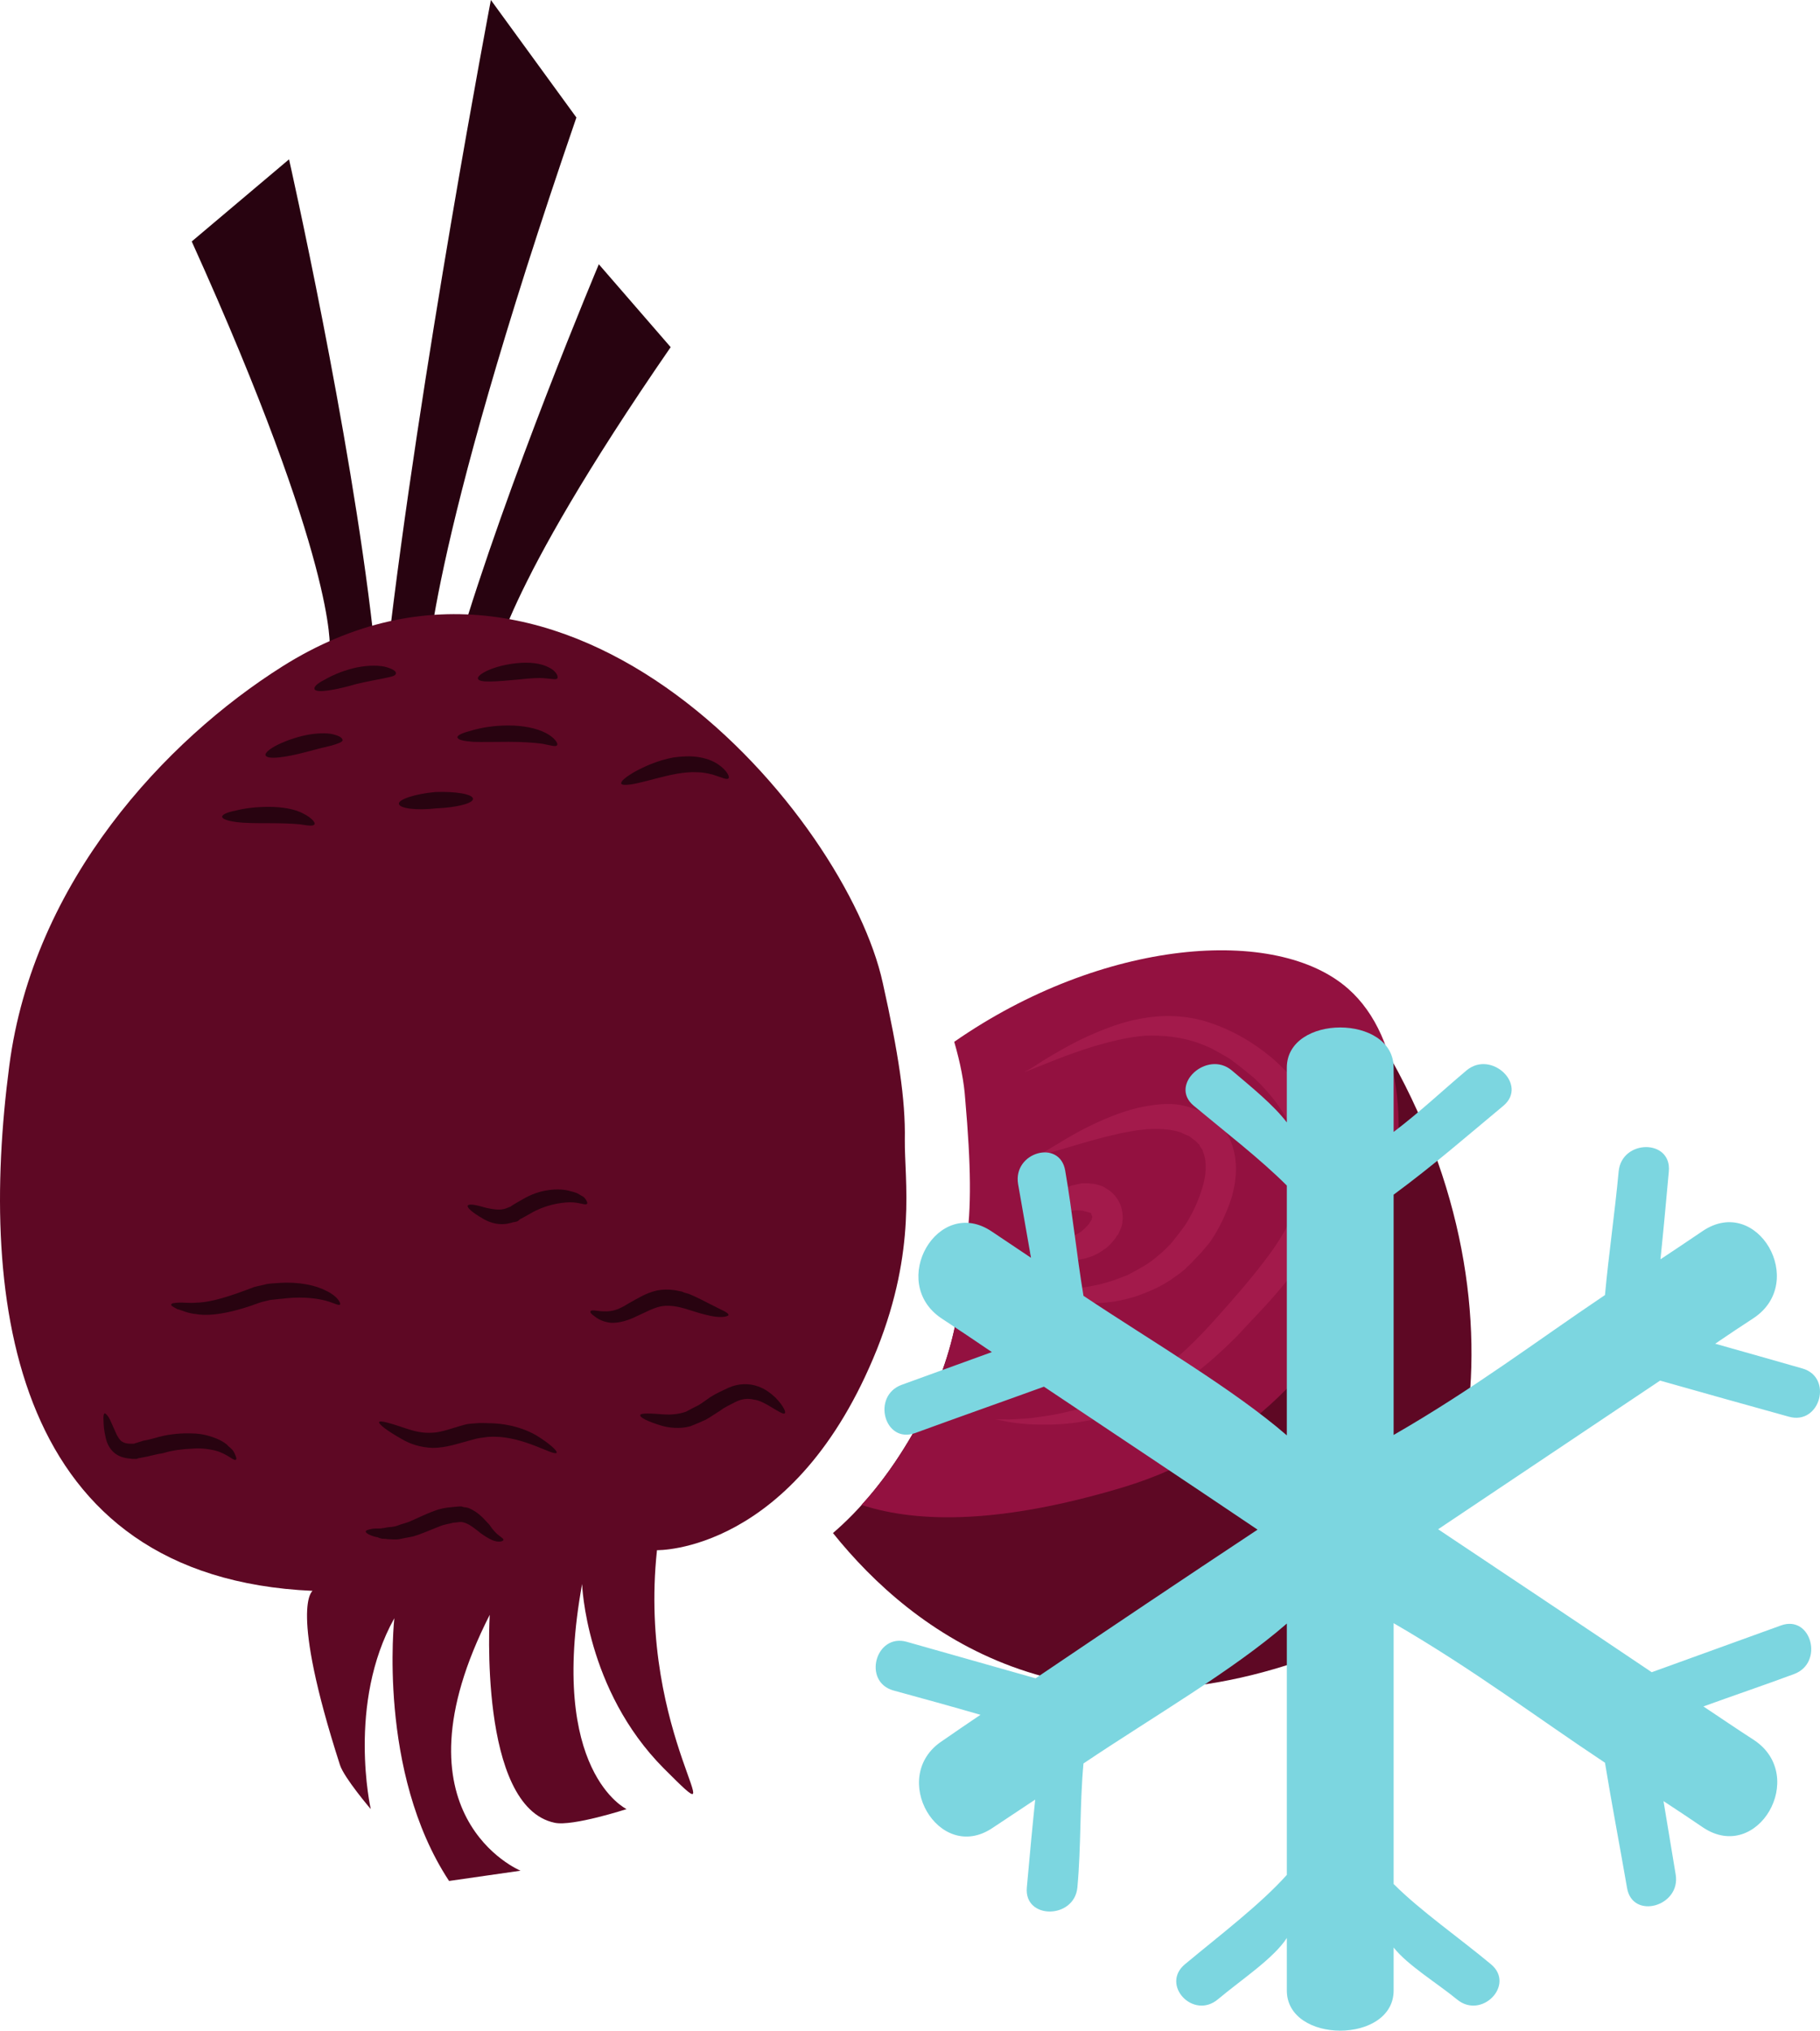 <?xml version="1.0" encoding="UTF-8" standalone="no"?>
<svg
   xmlns:dc="http://purl.org/dc/elements/1.1/"
   xmlns:cc="http://creativecommons.org/ns#"
   xmlns:rdf="http://www.w3.org/1999/02/22-rdf-syntax-ns#"
   xmlns:svg="http://www.w3.org/2000/svg"
   xmlns="http://www.w3.org/2000/svg"
   id="svg56"
   viewBox="0 0 4788.144 5340.75"
   style="clip-rule:evenodd;fill-rule:evenodd;image-rendering:optimizeQuality;shape-rendering:geometricPrecision;text-rendering:geometricPrecision"
   version="1.1"
   height="53.408mm"
   width="47.881mm"
   xml:space="preserve">
 <defs
   id="defs4">
  <style
   id="style2"
   type="text/css">
   <![CDATA[
    .fil0 {fill:#280310;fill-rule:nonzero}
    .fil1 {fill:#5E0824;fill-rule:nonzero}
    .fil4 {fill:#7CD6E0;fill-rule:nonzero}
    .fil2 {fill:#931140;fill-rule:nonzero}
    .fil3 {fill:#A31A4B;fill-rule:nonzero}
   ]]>
  </style>
 </defs>
 <g
   transform="translate(-8321.577,-11959)"
   id="Vrstva_x0020_1">
  <path
   style="fill:#280310;fill-rule:nonzero"
   id="path7"
   d="m 9189,13663 c 0,0 20,-222 -363,-1069 l 256,-216 c 0,0 161,713 221,1245 z"
   class="fil0" />
  <path
   style="fill:#280310;fill-rule:nonzero"
   id="path9"
   d="m 9619,13716 c 0,0 15,-189 467,-844 l -189,-218 c 0,0 -242,574 -371,1011 z"
   class="fil0" />
  <path
   style="fill:#280310;fill-rule:nonzero"
   id="path11"
   d="m 9444,13743 c 0,0 -7,-309 394,-1475 l -225,-309 c 0,0 -188,987 -273,1724 z"
   class="fil0" />
  <path
   style="fill:#5e0824;fill-rule:nonzero"
   id="path13"
   d="m 11964,14714 -874,328 -223,159 c -1,11 -2,22 -4,32 -15,96 -7,263 -135,488 -70,123 -144,209 -215,270 211,263 619,568 1282,317 375,-143 586,-882 169,-1594 z"
   class="fil1" />
  <path
   style="fill:#931140;fill-rule:nonzero"
   id="path15"
   d="m 11869,14560 c -189,-168 -647,-132 -1037,139 16,55 26,106 29,152 15,172 17,286 2,382 -15,96 -7,263 -135,488 -45,80 -93,145 -140,196 153,50 374,48 687,-46 704,-211 883,-1056 594,-1311 z"
   class="fil2" />
  <path
   style="fill:#5e0824;fill-rule:nonzero"
   id="path17"
   d="m 9064,13712 c -306,193 -655,565 -718,1050 -82,625 9,1346 798,1381 0,0 -63,39 72,458 11,34 81,116 81,116 0,0 -63,-278 62,-502 0,0 -45,404 144,691 0,0 63,-9 188,-27 0,0 -350,-144 -81,-673 0,0 -31,505 171,547 47,10 189,-36 189,-36 0,0 -207,-98 -117,-592 0,0 9,278 215,485 206,206 -71,-81 -18,-574 0,0 363,9 579,-529 105,-264 72,-444 73,-550 2,-106 -17,-229 -58,-413 -95,-436 -827,-1307 -1580,-832 z"
   class="fil1" />
  <path
   style="fill:#a31a4b;fill-rule:nonzero"
   id="path19"
   d="m 11016,14779 c 0,0 7,-4 21,-12 13,-8 33,-22 58,-36 26,-15 57,-33 96,-50 39,-17 84,-35 137,-44 52,-9 114,-9 174,11 61,20 117,52 169,96 26,23 50,48 71,76 23,28 42,58 56,92 14,34 24,72 27,111 0,10 1,19 0,29 0,8 0,17 -1,25 l -4,31 -7,28 c -21,73 -62,135 -104,189 -43,55 -90,101 -133,148 -46,46 -94,89 -144,122 -51,34 -104,58 -154,74 -23,9 -48,16 -72,22 -23,4 -45,9 -66,11 -42,5 -79,4 -109,3 -29,-2 -53,-5 -69,-9 -15,-3 -23,-4 -23,-4 0,0 8,0 24,0 15,1 39,-1 68,-3 29,-4 64,-8 103,-18 20,-4 41,-12 61,-18 22,-8 43,-15 67,-27 45,-20 90,-46 135,-80 44,-34 85,-76 126,-122 42,-47 86,-97 124,-147 39,-50 73,-105 89,-163 l 6,-21 2,-20 c 1,-8 1,-17 2,-25 0,-6 0,-15 0,-21 -2,-29 -9,-57 -20,-85 -22,-55 -59,-104 -102,-145 -22,-19 -45,-37 -68,-54 -12,-7 -24,-14 -37,-21 -12,-7 -24,-12 -37,-17 -49,-19 -101,-24 -149,-22 -48,4 -92,16 -131,27 -39,12 -72,24 -100,35 -55,22 -86,34 -86,34 z"
   class="fil3" />
  <path
   style="fill:#a31a4b;fill-rule:nonzero"
   id="path21"
   d="m 11053,14998 c 0,0 17,-10 47,-28 31,-19 74,-45 131,-69 29,-12 61,-24 97,-31 37,-7 79,-13 123,1 11,4 22,7 33,13 l 16,8 7,5 1,1 h 1 c -2,-2 3,3 3,3 h 1 l 3,2 11,10 c 4,5 10,11 14,16 6,7 8,12 12,18 3,6 6,12 8,17 19,51 13,101 1,144 -14,43 -33,83 -58,119 -8,9 -14,17 -22,26 l -20,21 c -5,7 -16,15 -23,23 -8,7 -17,14 -25,19 -34,26 -71,41 -106,53 -36,11 -70,17 -103,17 -32,2 -58,-1 -83,-2 -25,-1 -47,-4 -64,-6 -36,-3 -56,-6 -56,-6 0,0 20,-4 55,-10 17,-3 39,-5 63,-9 12,-2 25,-4 39,-6 13,-2 28,-4 41,-7 7,-1 14,-3 22,-5 7,-2 14,-4 21,-6 14,-4 29,-11 44,-16 28,-15 58,-30 83,-53 7,-5 12,-11 18,-16 6,-7 11,-10 18,-19 l 18,-23 c 4,-6 10,-13 15,-20 19,-30 35,-63 45,-97 11,-34 13,-68 4,-93 -1,-3 -2,-5 -3,-9 -2,-3 -4,-5 -5,-7 -2,-2 -2,-4 -3,-6 l -11,-11 -3,-2 -2,-2 c 0,0 5,4 3,2 h -1 v 0 l -4,-3 -9,-7 c -7,-3 -14,-5 -20,-9 -28,-10 -61,-11 -93,-9 -32,3 -62,9 -91,16 -58,14 -105,29 -139,39 -35,10 -54,14 -54,14 z"
   class="fil3" />
  <path
   style="fill:#a31a4b;fill-rule:nonzero"
   id="path23"
   d="m 11019,15163 c 0,0 6,-6 16,-16 11,-11 25,-25 46,-40 10,-7 23,-14 36,-21 8,-3 16,-6 24,-9 8,-2 18,-4 27,-6 5,0 10,0 16,0 6,1 9,1 18,2 l 11,3 c 1,0 6,2 9,3 4,2 8,4 10,6 25,14 42,41 43,71 1,7 0,14 -1,21 -1,7 -4,14 -7,20 l -4,9 -1,1 v 0 l -2,2 -1,1 -1,3 c -2,3 -4,5 -8,10 -3,4 -8,9 -12,13 -4,4 -8,7 -13,10 -8,6 -17,11 -26,15 -35,15 -66,14 -92,12 -25,-2 -44,-7 -59,-11 -14,-2 -22,-5 -22,-5 0,0 7,-4 20,-10 14,-6 34,-13 56,-20 22,-9 47,-17 64,-29 4,-4 9,-7 12,-11 l 5,-5 c 1,-1 2,-3 4,-4 0,-2 3,-6 5,-9 l 2,-3 v -1 h -1 c 1,-1 -2,1 -2,1 v 0 l 1,-1 c 1,0 1,0 2,-1 0,-1 1,-2 1,-3 0,-1 0,-2 0,-2 0,-2 -2,-5 -3,-8 0,0 0,0 0,0 0,0 2,-1 -1,-2 l -11,-3 c 1,0 -3,-1 -5,-1 -2,-1 -4,-2 -6,-2 -6,0 -10,-1 -17,-1 -5,1 -11,1 -17,2 -12,2 -24,4 -36,5 -22,5 -43,9 -57,12 -14,2 -23,2 -23,2 z"
   class="fil3" />
  <path
   style="fill:#280310;fill-rule:nonzero"
   id="path25"
   d="m 8942,15798 c -6,4 -21,-15 -54,-24 -17,-4 -37,-7 -61,-5 -24,1 -51,4 -77,12 -14,2 -29,6 -42,9 -7,1 -14,3 -22,4 l -5,2 c -2,0 -5,0 -7,0 -4,0 -7,0 -11,-1 -15,-1 -32,-6 -44,-18 -12,-12 -16,-24 -19,-35 -5,-21 -6,-36 -6,-47 -1,-10 0,-17 3,-19 2,0 8,5 13,15 5,10 11,25 18,40 4,8 9,16 14,19 6,4 13,6 23,6 3,0 5,0 8,0 2,0 2,0 3,-1 l 4,-1 c 6,-2 13,-4 19,-6 13,-2 27,-6 41,-10 31,-8 60,-10 87,-9 27,0 53,8 72,17 10,5 18,10 24,17 7,6 12,10 15,17 5,11 7,16 4,18 z"
   class="fil0" />
  <path
   style="fill:#280310;fill-rule:nonzero"
   id="path27"
   d="m 9216,15390 c -4,4 -18,-6 -45,-12 -26,-6 -65,-9 -110,-3 h -2 c -9,1 -18,2 -27,3 -10,3 -20,4 -30,8 -56,21 -121,37 -165,29 -22,-2 -37,-10 -49,-13 -11,-6 -17,-9 -16,-12 1,-4 8,-4 19,-5 12,-1 28,2 48,0 40,-1 88,-17 151,-41 11,-3 23,-5 34,-8 12,-2 24,-2 35,-3 -1,0 -2,0 -2,0 51,-3 95,6 123,21 30,14 39,33 36,36 z"
   class="fil0" />
  <path
   style="fill:#280310;fill-rule:nonzero"
   id="path29"
   d="m 9786,15780 c -4,4 -23,-5 -53,-17 -31,-12 -76,-28 -125,-25 h -2 c -7,1 -14,2 -22,3 -8,1 -17,4 -25,6 -31,8 -63,20 -99,20 -33,-1 -61,-11 -81,-23 -41,-23 -62,-40 -60,-45 2,-5 30,3 71,17 21,7 44,13 70,11 25,-1 53,-13 88,-22 10,-2 19,-2 29,-3 10,-1 20,0 29,0 h -2 c 64,0 112,20 141,40 30,20 43,34 41,38 z"
   class="fil0" />
  <path
   style="fill:#280310;fill-rule:nonzero"
   id="path31"
   d="m 9646,16009 c 0,2 -6,6 -18,4 -12,-2 -27,-11 -41,-21 -14,-11 -30,-25 -46,-29 -1,0 -3,-1 -5,-1 -3,0 -2,0 -5,0 -6,1 -11,1 -18,2 -10,3 -22,4 -34,9 -21,8 -47,20 -71,27 -12,2 -25,5 -36,7 -11,2 -22,0 -31,0 -5,-1 -10,-1 -14,-1 -4,-1 -8,-2 -12,-4 -7,-1 -13,-3 -18,-5 -10,-4 -14,-8 -13,-11 0,-2 6,-4 16,-6 5,-1 11,-1 18,-1 2,0 7,0 10,-1 4,0 8,-1 12,-2 8,-1 17,-1 26,-4 9,-4 19,-6 30,-10 20,-8 40,-19 70,-30 13,-5 29,-8 42,-9 7,-1 14,-1 22,-2 h 6 l 6,2 c 5,0 8,1 12,2 29,12 43,32 55,44 10,15 19,24 26,29 6,5 11,7 11,11 z"
   class="fil0" />
  <path
   style="fill:#280310;fill-rule:nonzero"
   id="path33"
   d="m 10238,15417 c 1,5 -23,10 -59,0 -18,-4 -37,-11 -58,-17 -21,-6 -42,-9 -62,-5 -22,5 -42,17 -63,26 -22,11 -46,18 -67,17 -20,-2 -35,-10 -43,-17 -9,-6 -12,-10 -11,-13 3,-7 25,3 53,-1 15,-2 30,-9 49,-21 19,-10 42,-26 73,-33 15,-3 31,-3 45,-1 8,1 14,3 21,4 5,3 12,4 18,6 22,9 40,19 56,27 29,15 48,22 48,28 z"
   class="fil0" />
  <path
   style="fill:#280310;fill-rule:nonzero"
   id="path35"
   d="m 10386,15676 c -3,4 -18,-6 -40,-19 -12,-7 -26,-15 -41,-17 -16,-4 -32,-2 -48,6 l -2,1 c -11,6 -26,12 -40,23 -12,7 -24,16 -37,23 -13,6 -27,12 -40,17 -28,8 -56,4 -75,-1 -39,-12 -58,-22 -57,-28 0,-6 26,-5 62,-2 18,1 37,0 58,-7 10,-5 20,-11 31,-16 11,-6 22,-15 34,-23 16,-10 34,-18 49,-25 -1,0 -1,0 -2,1 26,-12 55,-12 77,-4 21,7 36,20 47,30 22,23 28,39 24,41 z"
   class="fil0" />
  <path
   style="fill:#280310;fill-rule:nonzero"
   id="path37"
   d="m 9866,15125 c -5,5 -18,-4 -46,-4 -28,1 -66,8 -102,29 -10,6 -20,11 -29,16 l -3,3 c -3,2 -5,3 -6,3 l -10,2 c -6,2 -12,3 -18,4 -25,3 -47,-6 -60,-14 -28,-16 -42,-29 -40,-34 3,-6 23,-2 50,6 15,3 30,6 44,3 4,-1 8,-2 12,-4 l 5,-2 c 1,0 1,0 1,0 l 4,-3 c 8,-5 18,-11 29,-17 22,-13 45,-21 68,-24 21,-3 42,-2 58,3 8,2 16,4 22,8 6,4 12,6 15,10 6,8 8,13 6,15 z"
   class="fil0" />
  <path
   style="fill:#280310;fill-rule:nonzero"
   id="path39"
   d="m 9223,13906 c -1,5 -13,9 -30,14 -18,4 -41,10 -67,17 -53,14 -102,21 -106,8 -2,-11 37,-35 95,-50 28,-7 56,-9 77,-6 20,4 31,10 31,17 z"
   class="fil0" />
  <path
   style="fill:#280310;fill-rule:nonzero"
   id="path41"
   d="m 9363,13730 c 0,7 -13,9 -32,13 -19,4 -43,8 -72,15 -55,16 -107,25 -110,13 -2,-6 8,-15 26,-24 17,-10 43,-22 74,-30 31,-8 62,-9 83,-5 22,5 33,13 31,18 z"
   class="fil0" />
  <path
   style="fill:#280310;fill-rule:nonzero"
   id="path43"
   d="m 9787,13919 c -3,5 -18,0 -39,-4 -23,-3 -53,-5 -89,-5 -35,0 -68,1 -93,0 -25,-2 -40,-5 -41,-12 0,-6 15,-12 38,-18 24,-7 57,-13 96,-13 39,0 74,7 99,20 23,12 33,28 29,32 z"
   class="fil0" />
  <path
   style="fill:#280310;fill-rule:nonzero"
   id="path45"
   d="m 9787,13744 c -4,3 -15,0 -31,-1 -17,-2 -41,0 -69,3 -56,5 -105,10 -108,-2 -3,-11 41,-35 104,-41 31,-3 61,0 82,11 21,10 27,26 22,30 z"
   class="fil0" />
  <path
   style="fill:#280310;fill-rule:nonzero"
   id="path47"
   d="m 9566,14060 c 0,12 -44,23 -97,25 -53,6 -97,0 -98,-12 -2,-11 41,-26 96,-31 55,-2 99,6 99,18 z"
   class="fil0" />
  <path
   style="fill:#280310;fill-rule:nonzero"
   id="path49"
   d="m 10238,14006 c -4,5 -19,-3 -42,-10 -12,-3 -26,-6 -41,-6 -16,-1 -34,1 -53,4 -38,7 -73,18 -100,24 -26,6 -44,7 -46,2 -2,-6 11,-17 35,-31 24,-13 59,-30 103,-38 22,-3 45,-4 64,-1 20,3 37,9 51,18 26,17 33,35 29,38 z"
   class="fil0" />
  <path
   style="fill:#280310;fill-rule:nonzero"
   id="path51"
   d="m 9149,14127 c -4,6 -18,3 -38,0 -21,-2 -49,-3 -82,-3 -32,0 -63,0 -86,-3 -22,-3 -37,-8 -37,-14 0,-6 14,-12 35,-16 23,-6 53,-10 88,-10 35,0 70,6 91,18 22,11 32,24 29,28 z"
   class="fil0" />
  <path
   style="fill:#7cd6e0;fill-rule:nonzero"
   id="path53"
   d="m 12689,15590 c 113,32 227,64 339,95 82,23 117,-104 35,-127 -76,-22 -152,-43 -229,-65 34,-23 68,-46 102,-68 141,-95 9,-324 -134,-229 -37,25 -74,50 -112,75 8,-77 15,-154 22,-231 8,-86 -124,-85 -132,0 -10,108 -26,217 -36,325 -183,123 -344,246 -556,368 v -632 c 106,-78 195,-156 289,-234 65,-55 -32,-147 -97,-93 -63,53 -121,108 -192,162 v -169 c 0,-141 -281,-141 -281,0 v 144 c -35,-46 -92,-92 -145,-137 -65,-54 -166,38 -100,93 84,70 175,140 245,210 v 657 c -141,-122 -352,-245 -535,-367 -18,-109 -29,-219 -48,-329 -14,-84 -138,-49 -124,35 11,65 23,129 34,194 -35,-23 -68,-46 -103,-69 -142,-96 -274,133 -133,228 44,29 89,59 133,89 -79,29 -158,57 -237,86 -80,29 -46,156 35,127 112,-41 226,-81 339,-122 187,125 375,250 562,376 -195,129 -390,260 -584,391 -113,-32 -226,-64 -339,-96 -82,-23 -117,105 -35,128 77,21 153,42 229,64 -34,23 -68,46 -101,69 -142,94 -9,323 132,229 38,-25 75,-50 113,-75 -8,77 -15,153 -22,231 -8,85 125,84 133,0 10,-109 6,-217 16,-326 183,-123 394,-245 535,-368 v 661 c -70,78 -173,156 -268,235 -65,54 22,147 87,92 62,-52 146,-107 181,-161 v 138 c 0,141 281,141 281,0 v -113 c 36,46 112,92 166,136 65,55 155,-38 90,-92 -84,-70 -185,-140 -256,-211 v -686 c 212,123 372,245 556,367 18,110 39,219 58,329 14,85 142,49 128,-35 -11,-65 -21,-128 -32,-193 35,23 70,46 105,70 143,94 275,-135 134,-230 -45,-29 -89,-59 -134,-89 80,-29 160,-56 238,-85 80,-29 46,-157 -34,-128 -113,41 -227,82 -340,123 -187,-126 -375,-251 -562,-376 194,-130 390,-261 584,-391 z"
   class="fil4" />
 </g>
</svg>

-=-=-

» **Task objective**: Show me every line in the data above that includes "xmlns".

» **Output for this task**:
   xmlns:dc="http://purl.org/dc/elements/1.1/"
   xmlns:cc="http://creativecommons.org/ns#"
   xmlns:rdf="http://www.w3.org/1999/02/22-rdf-syntax-ns#"
   xmlns:svg="http://www.w3.org/2000/svg"
   xmlns="http://www.w3.org/2000/svg"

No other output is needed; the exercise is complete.